Top of ENTRIES SUPPLIED

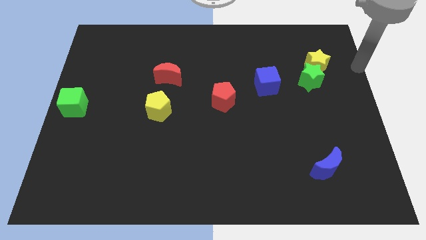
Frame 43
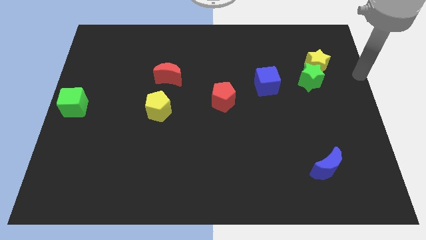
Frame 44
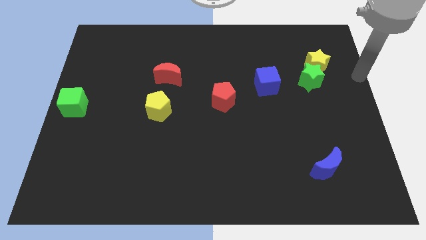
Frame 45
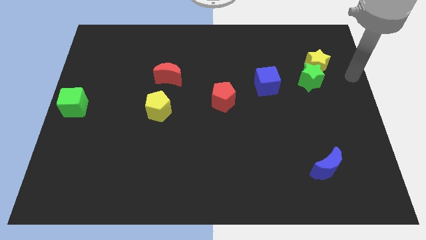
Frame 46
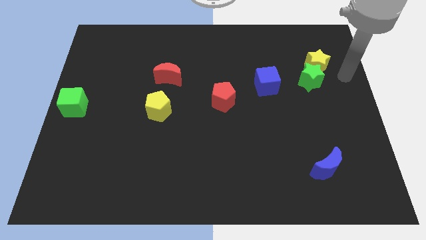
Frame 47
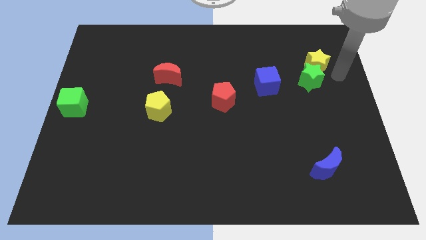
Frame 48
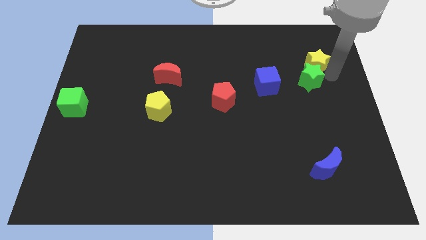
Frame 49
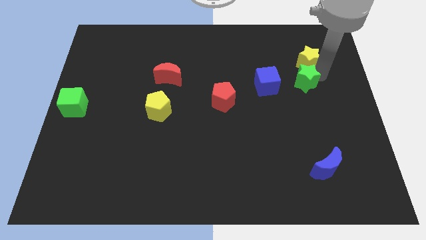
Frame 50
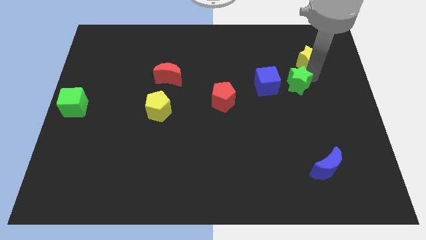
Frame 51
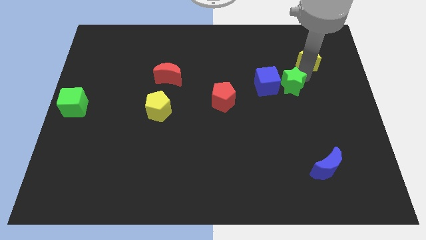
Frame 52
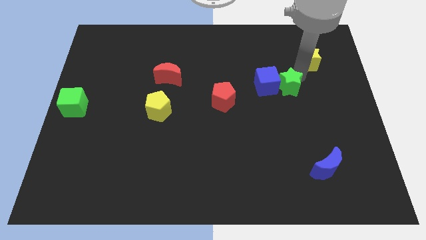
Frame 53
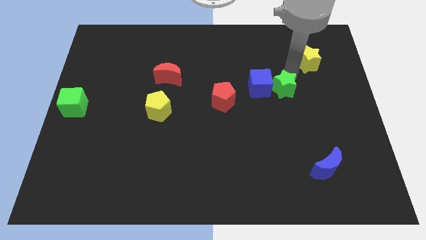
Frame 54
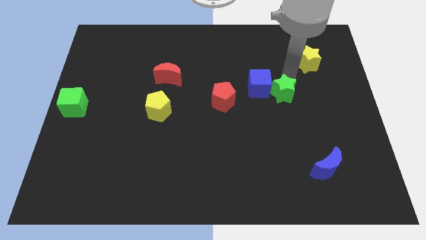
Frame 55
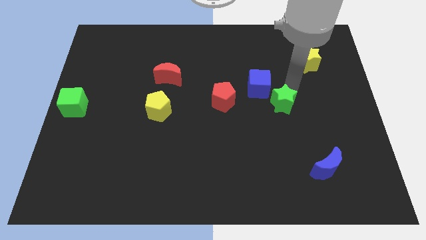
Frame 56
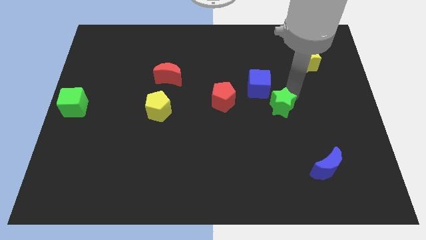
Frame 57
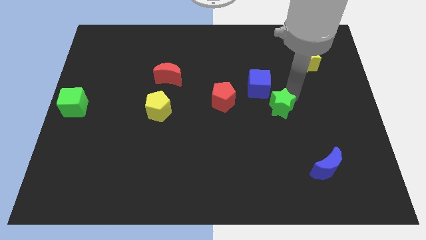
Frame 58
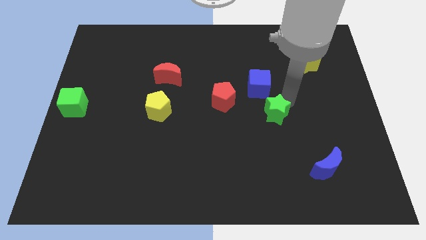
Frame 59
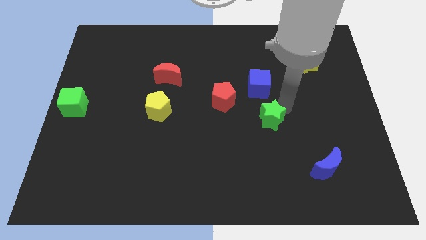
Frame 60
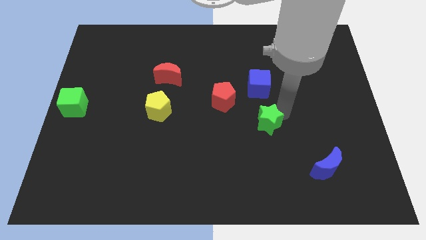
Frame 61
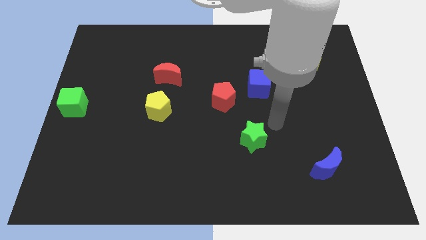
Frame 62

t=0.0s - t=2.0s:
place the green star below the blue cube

Bottom of ENTRIES SUPPLIED

PROBLEM
With every picture removed, give the entries above again exactly.

WRITTEN RESPONSE
Frame 43
Frame 44
Frame 45
Frame 46
Frame 47
Frame 48
Frame 49
Frame 50
Frame 51
Frame 52
Frame 53
Frame 54
Frame 55
Frame 56
Frame 57
Frame 58
Frame 59
Frame 60
Frame 61
Frame 62

t=0.0s - t=2.0s:
place the green star below the blue cube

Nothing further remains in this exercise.